However, an important
side-effect is the increase of the status of the intelligentsia which gradually
realizes its own interests. In the beginning of 1950 Stalin writes the booklet “Economic Problems of Socialism in the USSR”,
in which the new issues that have arisen become obvious. Maybe Stalin did not
see the whole picture and essentially Yaroshenko is criticized for “overpraising the part of the productive
forces, while highly underestimating the part of the relations of production”.
However, as it turned
out, things are already underway. After Stalin’s death, this path is formalized
with the political victory of the new bourgeoisie in the 20th Party Congress.
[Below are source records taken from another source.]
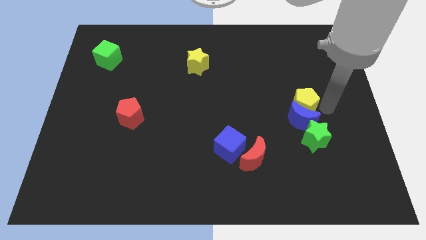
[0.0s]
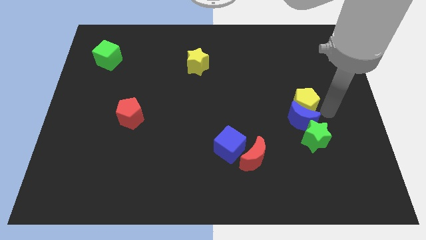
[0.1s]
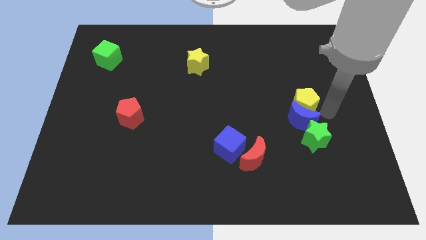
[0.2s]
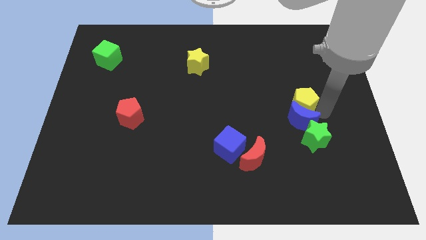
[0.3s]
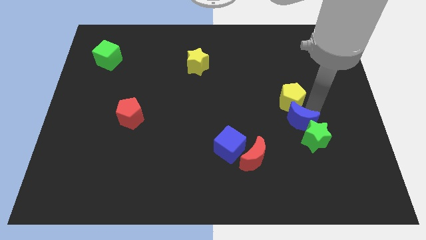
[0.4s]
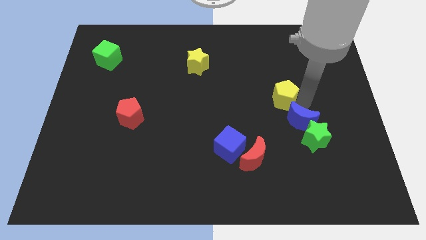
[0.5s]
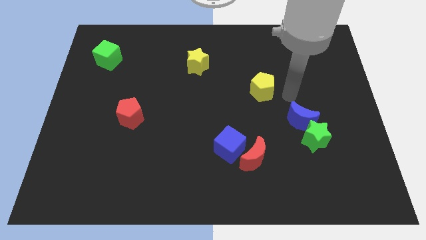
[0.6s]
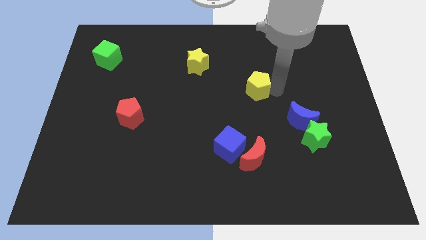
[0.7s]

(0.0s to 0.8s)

What followed is well-known. Coups in the international communist movement, peaceful
coexistence with imperialism, upgrade of the formation of new bourgeoisie, subordination
of the communist parties to the local bourgeoisie.
The revolution was
defeated and the baton was taken over by China, with the attempt to answer
positively to the negative sides of the first attempt for socialism, especially
through the Great Proletarian Cultural Revolution.
Let’s now come to some questions and give
our own answers.
Coup d'état or “rape
of history”?
First of all let's talk about the
reactionary propaganda. The exploitation and oppression apologists howl that
the October Revolution was nothing more than a coup d'état from the conspirator
Lenin and his comrades. Others describe it as half a revolution - half a coup
d'état. So, on one side there is the state, with its apparatus and its army. On
the other side there are the damned of Russia, the proletariat, the poor peasants
and the soldiers who come from these classes. They who had the apparatus in
their hands, they who served the parasitic interests of a handful of
oppressors, the only ones who had the opportunity and interest to pull a coup
d'état through, are blaming the oppressed, those who had nothing more than
their own organizations for a coup d'état! What a reversal of reality and
blatant insult to common sense! The insult becomes bigger considering that the
real coup d'état was the one organized by Kornilov and repulsed by the
Bolsheviks. The enormous support that the Bolsheviks had by the soldiers essentially
blocked it. The organizers of the coup were the ones that, immediately after
the victory of the revolution, upgraded the coup to an invasion, with the
support of 14 countries! They and their class scream about coup d'état!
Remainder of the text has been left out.